A successful leader of a digital transformation programme will have a clear strategic vision of where their business needs to be. They will understand their customer needs and business trends. A digital leader will look to see how they can change their business processes.
When it comes to a programme on this scale, they will want to answer this question:
How can digital transformation support our value proposition?
What is Digital Transformation?
Digital transformation seeks to change how a business operates in order to deliver more value to their customers. It’s not just ‘digital’, it is a continuous process of disruptive change.
It means challenging existing business models, breaking down established management silos and nurturing collaboration. Because of this, digital transformation poses multiple challenges for business leaders. Currently, up to 88 percent of digital transformation projects fail.
How to become a successful digital leader
People drive digital transformation not technology. A digital leader with strategic vision will decide which business processes can benefit from changing technologies. Digital leaders will need the support of other senior managers, who are themselves undergoing change. Digital transformation is as much cultural change as technological change. Technology is just an enabler – it’s constantly evolving. Your vision should always remain focused on the desired transformative outcome.
Digital Leaders are Agile
Due to the very nature of digital transformation, a successful leader needs to be agile. Holding the strategic vision requires an agile approach to decision making. It’s not easy finding alignment across different management levels. However, by finding partners to collaborate with you will unlock additional value. Depending on the size and nature of your business, this could be internal and/or external stakeholders.
As a digital leader, you will embrace adaptive design. By being agile, you approach digital transformation in short sprints. By ‘failing fast’ you reduce the long term impact these failures have. This allows your strategy to evolve to meet your business goals.
Digital Leaders are driven by business goals
It’s impossible to overhaul your business without buy-in from all staff, but you especially need the support of your most senior managers. Strong leadership is needed to facilitate cross-departmental collaboration. A digital leader will persuade their senior team to agree on the need for change. Your business goals will drive your digital transformation.
Digital leaders take time to understand the problem
To understand your business processes, you should speak with employees, partners, customers and anyone else who has a role to play. Digital is already impacting every part of our lives. It shouldn’t come as a surprise to learn your workforce is ready for change.
By looking at your existing business processes you ensure the digital solutions you choose match genuine business needs. You are investing in change, you are not investing in technology. Doing so will ensure you don’t fix problems that don’t exist.
Focus on your users – they are your customers and your employees
While you might want digital transformation to make your business more efficient (lower costs etc), you need to understand how these changes will impact your users.
Digital transformation should introduce solutions that please your end users. These users could be your customers or your employees. But don’t forget about your strategic partners. Collaboration is a key component of providing lasting value in any digital transformation.
Invest in your staff
Maintaining staff morale is key to successfully delivering digital transformation. There’s a temptation to view digital transformation as a pathway to automation. However, people remain your greatest asset. Big data might provide new insights, but intelligent decision making still requires people.

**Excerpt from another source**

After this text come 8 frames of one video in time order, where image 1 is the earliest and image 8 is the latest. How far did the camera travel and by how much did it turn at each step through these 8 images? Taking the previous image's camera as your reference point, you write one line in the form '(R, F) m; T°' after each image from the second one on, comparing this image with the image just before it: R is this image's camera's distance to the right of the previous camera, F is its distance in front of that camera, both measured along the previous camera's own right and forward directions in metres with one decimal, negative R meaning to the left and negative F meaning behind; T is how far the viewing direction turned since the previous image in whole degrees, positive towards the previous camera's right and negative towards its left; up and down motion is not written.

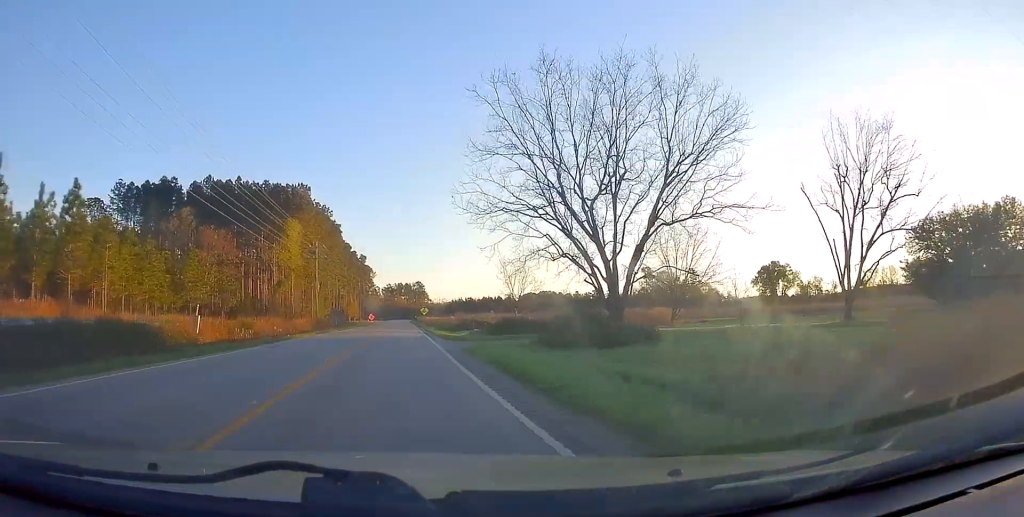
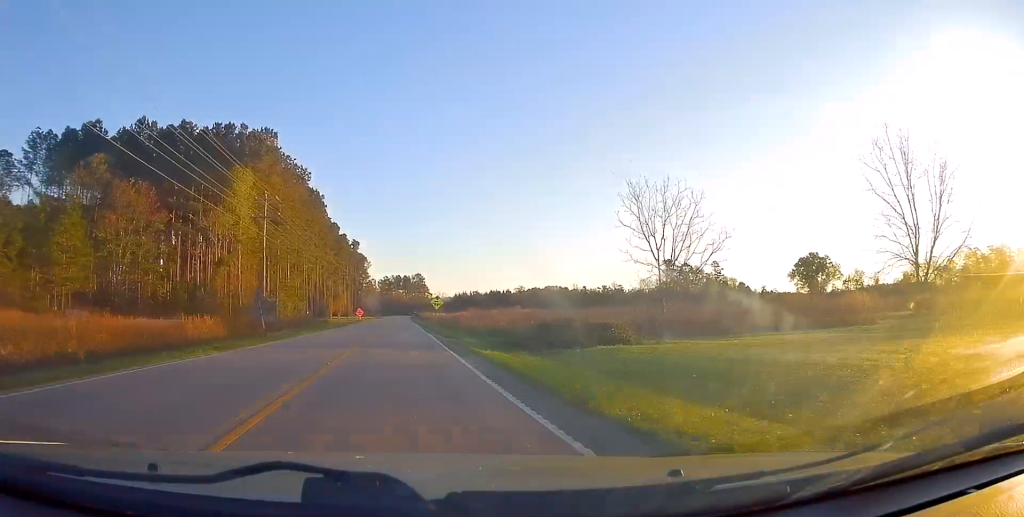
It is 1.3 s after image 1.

Digital transformation demands a commitment to education and training. According to PwC, 73% of CEOs cite skills shortages as a threat to their business. Invest in your staff by making innovation the focus of training and development. Give your staff the skills they need and they will reward you. By investing in your staff you help to maintain morale.

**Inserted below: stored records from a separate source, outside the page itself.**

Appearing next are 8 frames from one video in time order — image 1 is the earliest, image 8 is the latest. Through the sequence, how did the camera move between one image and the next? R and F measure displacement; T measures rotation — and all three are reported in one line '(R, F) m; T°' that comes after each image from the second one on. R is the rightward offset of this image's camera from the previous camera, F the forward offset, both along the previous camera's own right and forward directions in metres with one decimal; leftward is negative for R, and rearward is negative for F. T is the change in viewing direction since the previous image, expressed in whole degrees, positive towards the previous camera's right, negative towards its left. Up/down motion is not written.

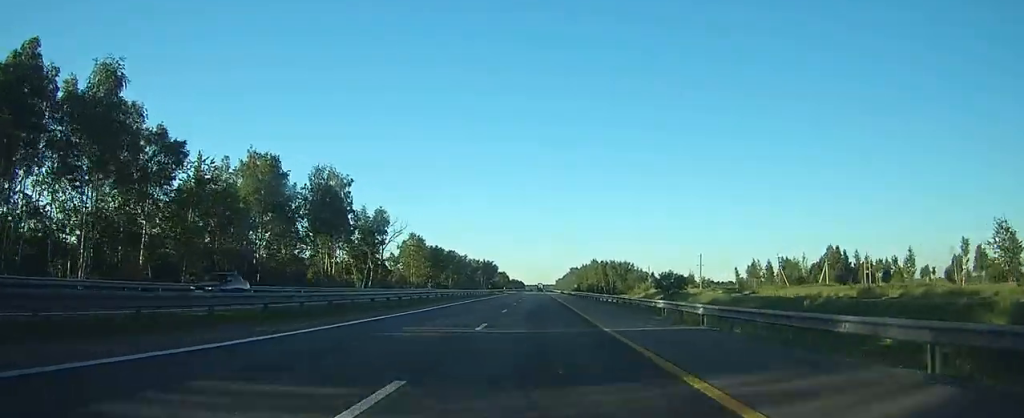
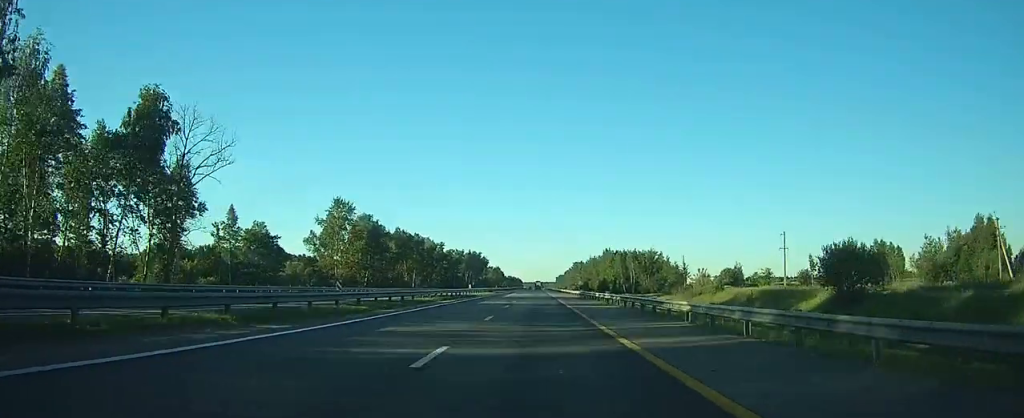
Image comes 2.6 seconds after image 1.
(-0.2, +67.7) m; 0°
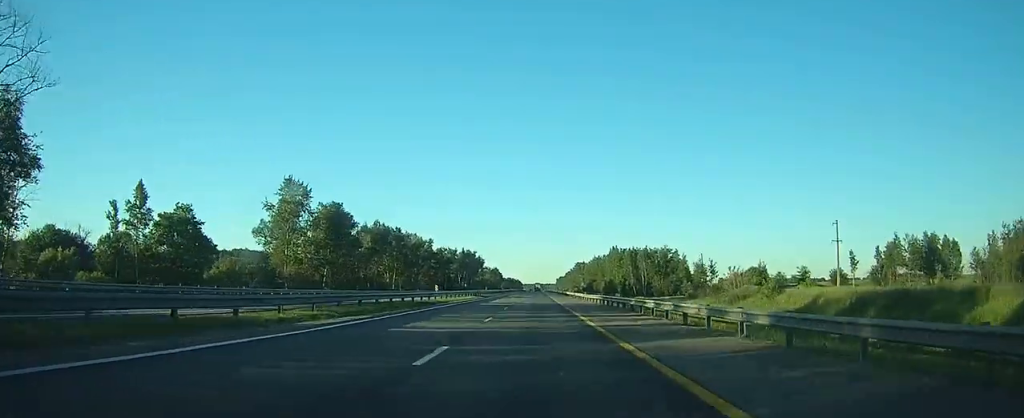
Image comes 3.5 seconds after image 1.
(+0.1, +23.6) m; 0°
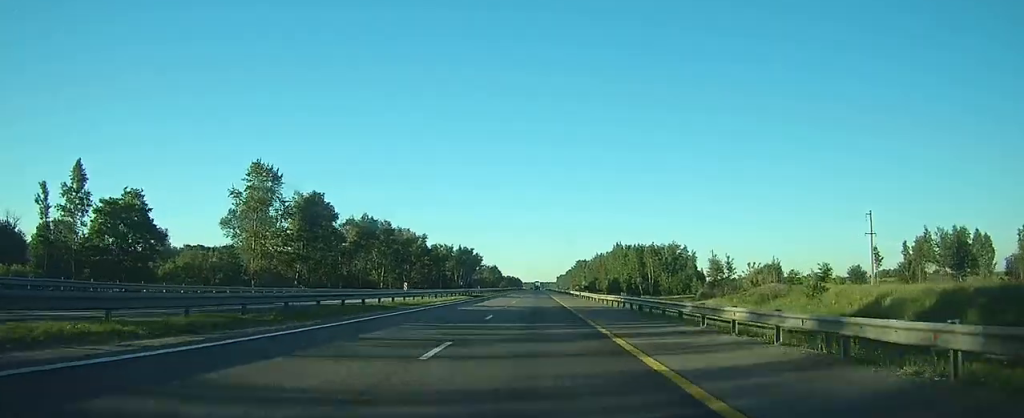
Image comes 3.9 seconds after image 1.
(0.0, +11.4) m; 0°
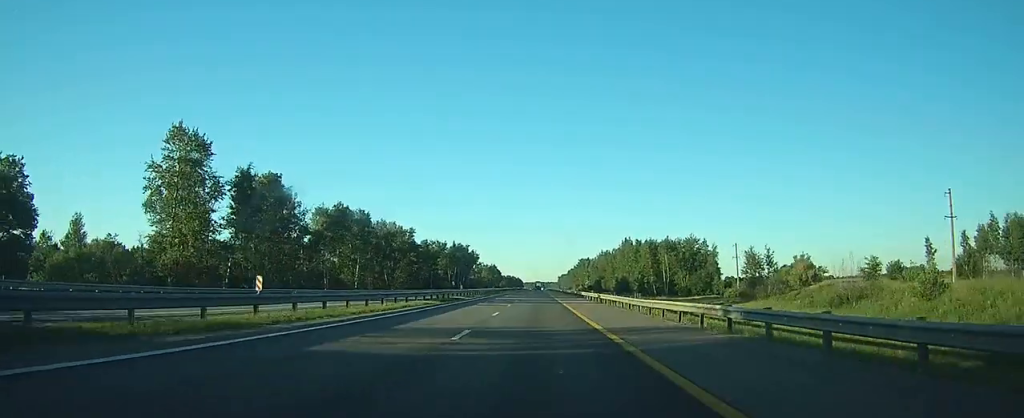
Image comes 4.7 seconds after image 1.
(0.0, +20.1) m; 0°
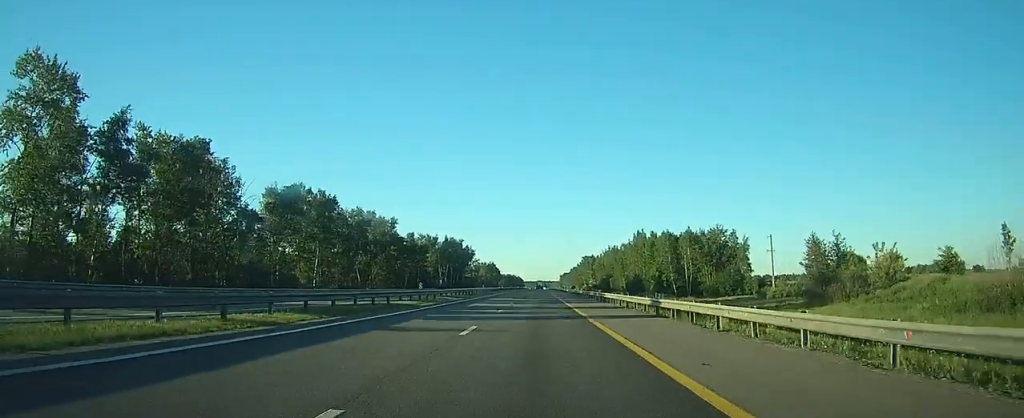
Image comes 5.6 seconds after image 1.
(0.0, +22.8) m; 0°
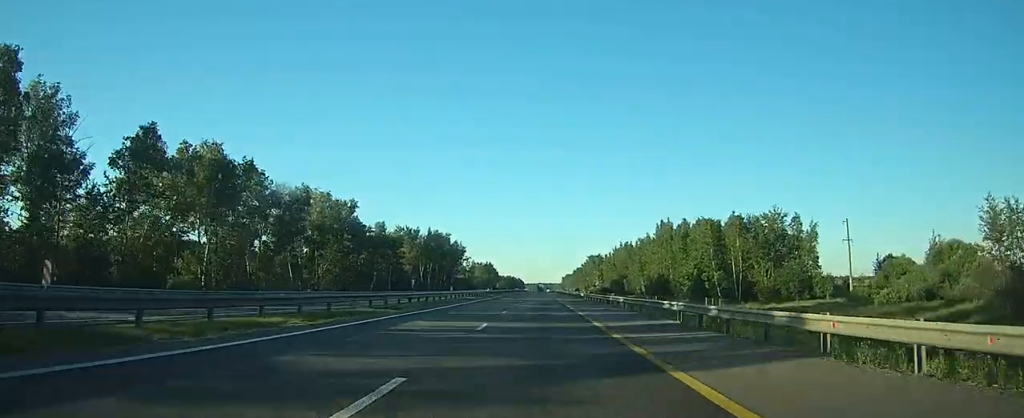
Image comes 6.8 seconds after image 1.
(-0.1, +33.5) m; 0°
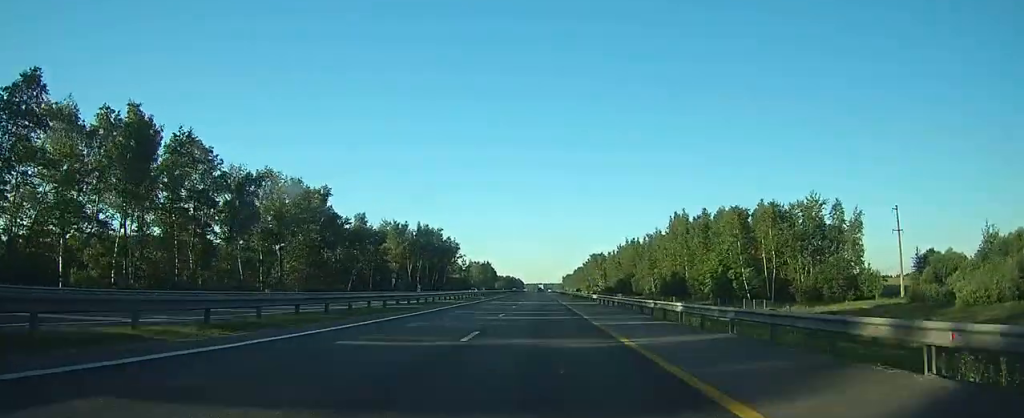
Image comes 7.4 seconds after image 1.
(0.0, +15.0) m; 0°

Digital transformation is preparing for tomorrow
You are not preparing for today’s digital environment, but tomorrow’s. How are you going to ensure your project succeeds?

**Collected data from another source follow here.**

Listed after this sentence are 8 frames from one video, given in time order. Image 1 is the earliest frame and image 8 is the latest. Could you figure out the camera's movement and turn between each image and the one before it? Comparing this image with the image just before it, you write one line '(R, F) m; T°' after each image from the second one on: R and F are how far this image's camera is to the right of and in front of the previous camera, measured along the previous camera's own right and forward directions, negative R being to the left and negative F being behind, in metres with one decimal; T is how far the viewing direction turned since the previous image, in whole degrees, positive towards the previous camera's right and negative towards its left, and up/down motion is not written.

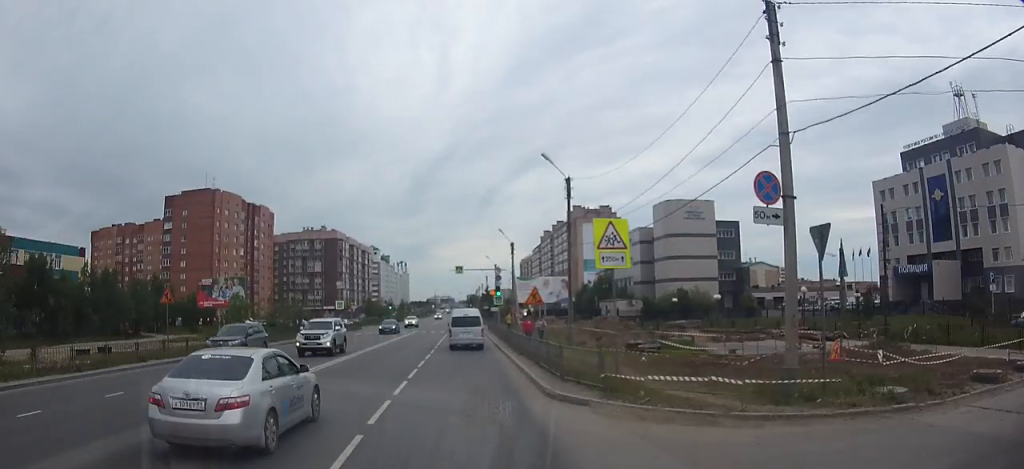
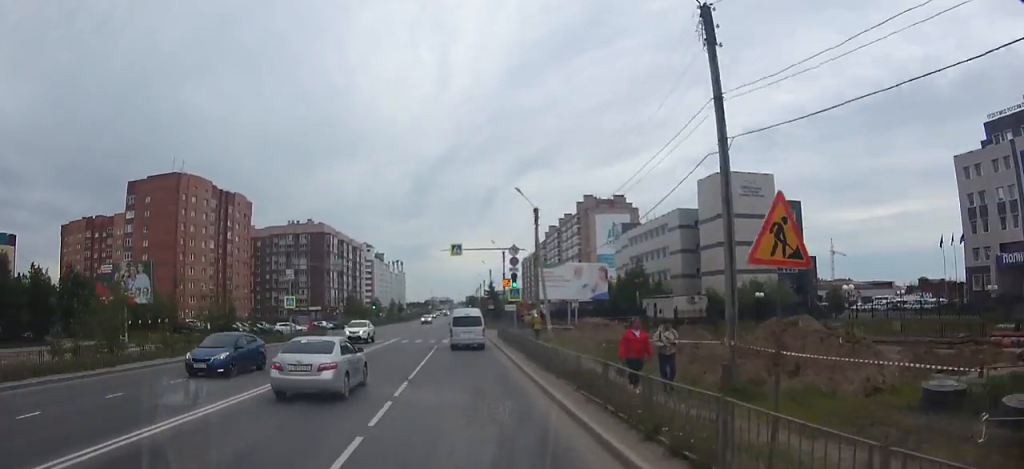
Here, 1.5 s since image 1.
(+0.1, +23.7) m; +1°
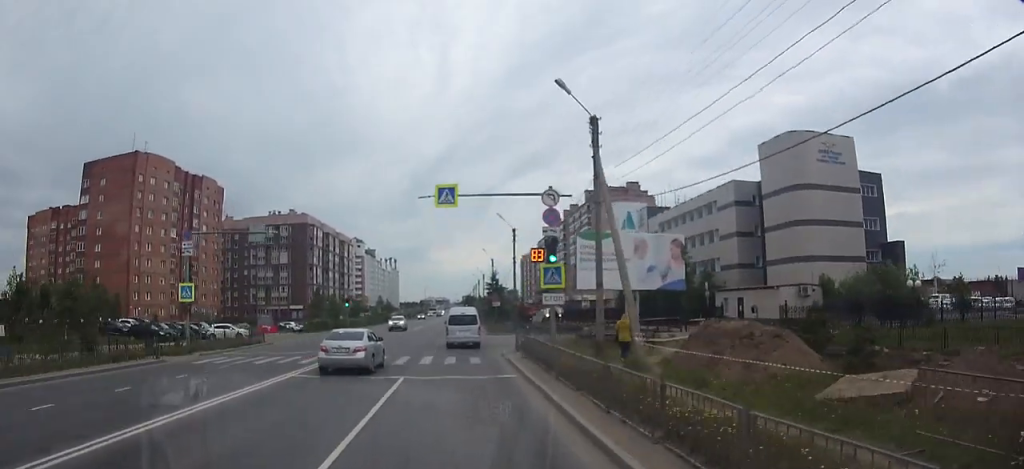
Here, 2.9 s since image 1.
(+0.1, +23.8) m; 0°
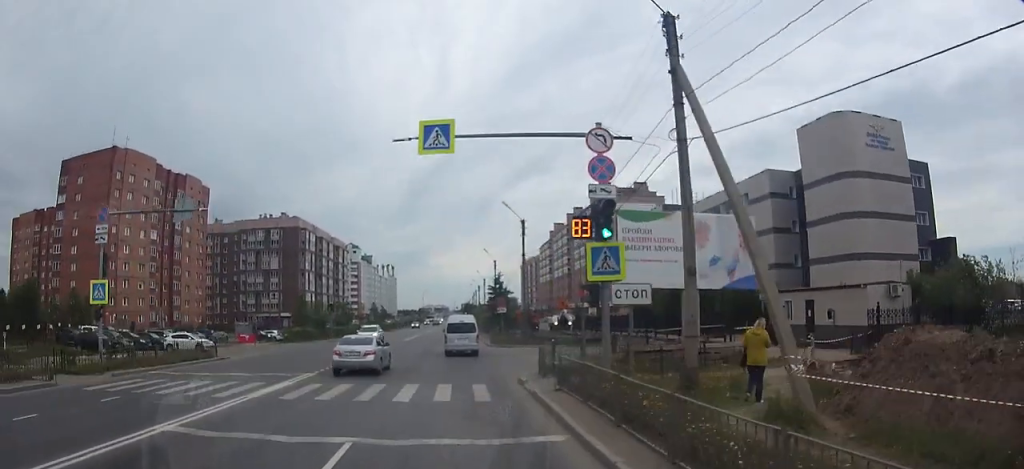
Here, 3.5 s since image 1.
(0.0, +9.8) m; 0°
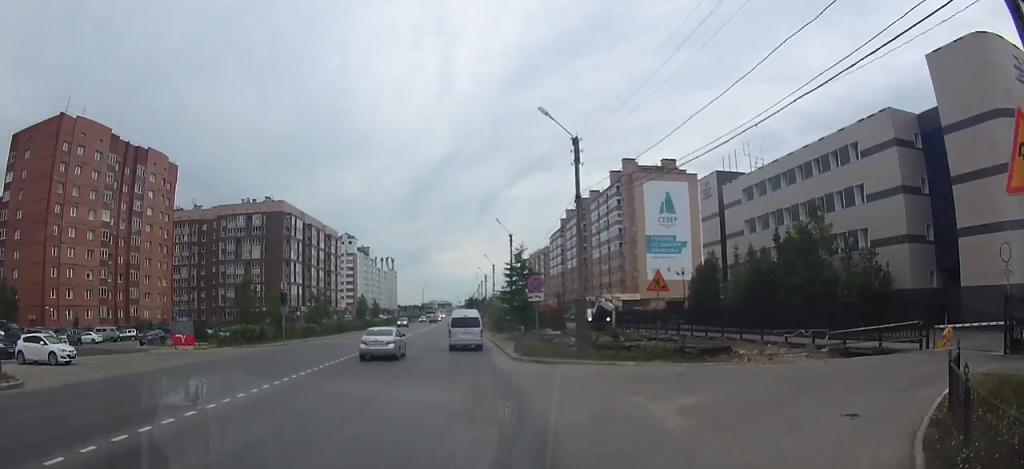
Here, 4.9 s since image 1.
(0.0, +18.0) m; 0°
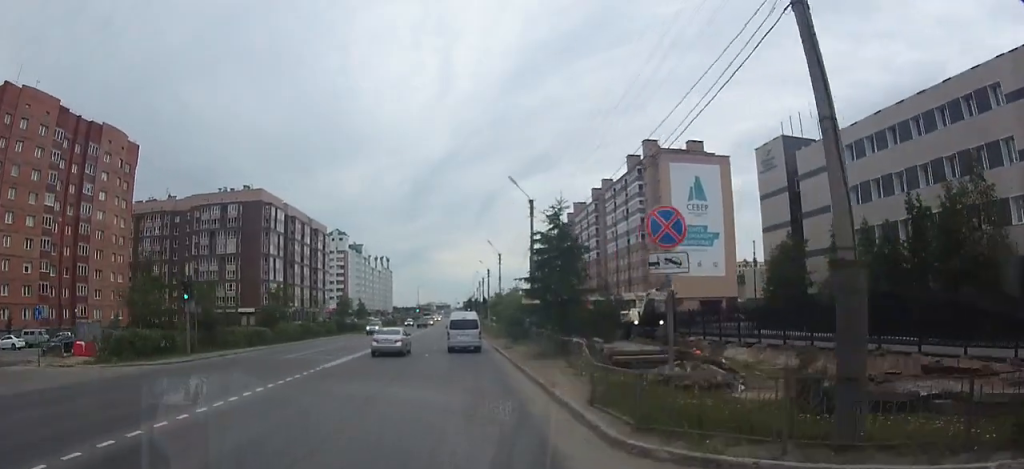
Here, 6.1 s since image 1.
(0.0, +13.5) m; 0°
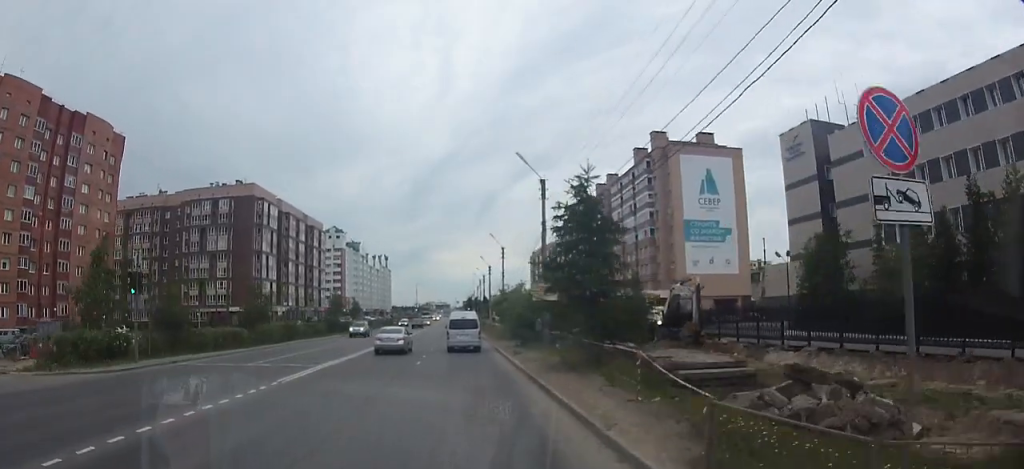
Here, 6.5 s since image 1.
(0.0, +4.4) m; 0°
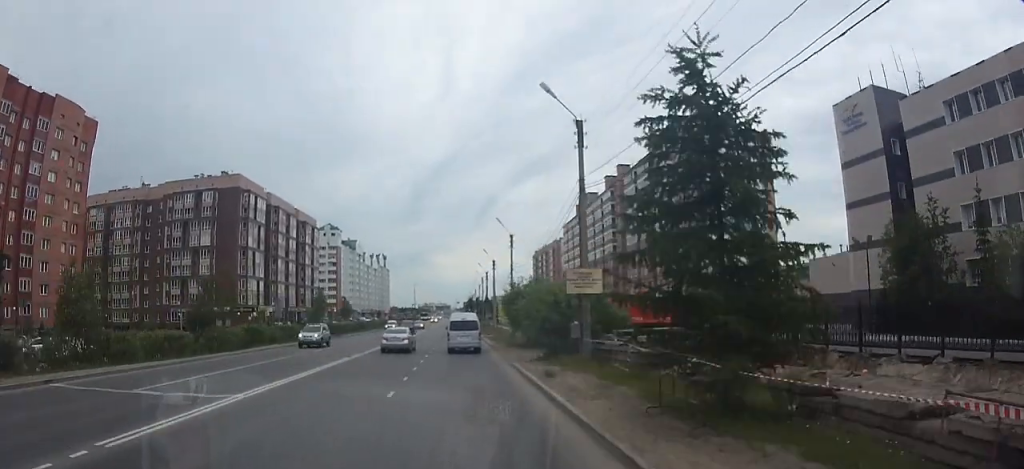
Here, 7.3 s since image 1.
(0.0, +9.6) m; 0°

Your entire management team must lead from the front. However, a digital leader will establish ownership and become a champion for the digital workspace. They will promote (and use) the tools and systems they are advocating for.
Collaboration is vital throughout your digital transformation. Managing change will require input from various stakeholders. A digital leader will look to break down barriers and reduce silo working. New digital processes will mean knowledge and resource sharing becomes more common.
For a digital transformation project to succeed, you need to bring your people with you. From a leadership position, this goes further than training and developing digital skills. A digital leader will find ways to improve internal communications.
Define goals, objectives and set targets
An agile digital leader will know that sticking to rigid KPIs will not succeed. Digital transformation is a series of small wins. Therefore, planning, engagement and analysis are vital to the success of your project. As a series of sprints, you will focus on a clear set of objectives for each stage. It is possible that each sprint could have a negative impact on the next phase. So, KPIs will need to be flexible. A digital leader will remain focused on business goals and ensure each sprint is progressing towards the strategic vision.
A digital leader will focus on metrics that report on scale, usage and engagement to gain insights into how their business is actually performing. These metrics can be compared against your financials which may hide a lag in business performance. For example, if revenue is flat but usage is trending down, how will that affect the financials next year?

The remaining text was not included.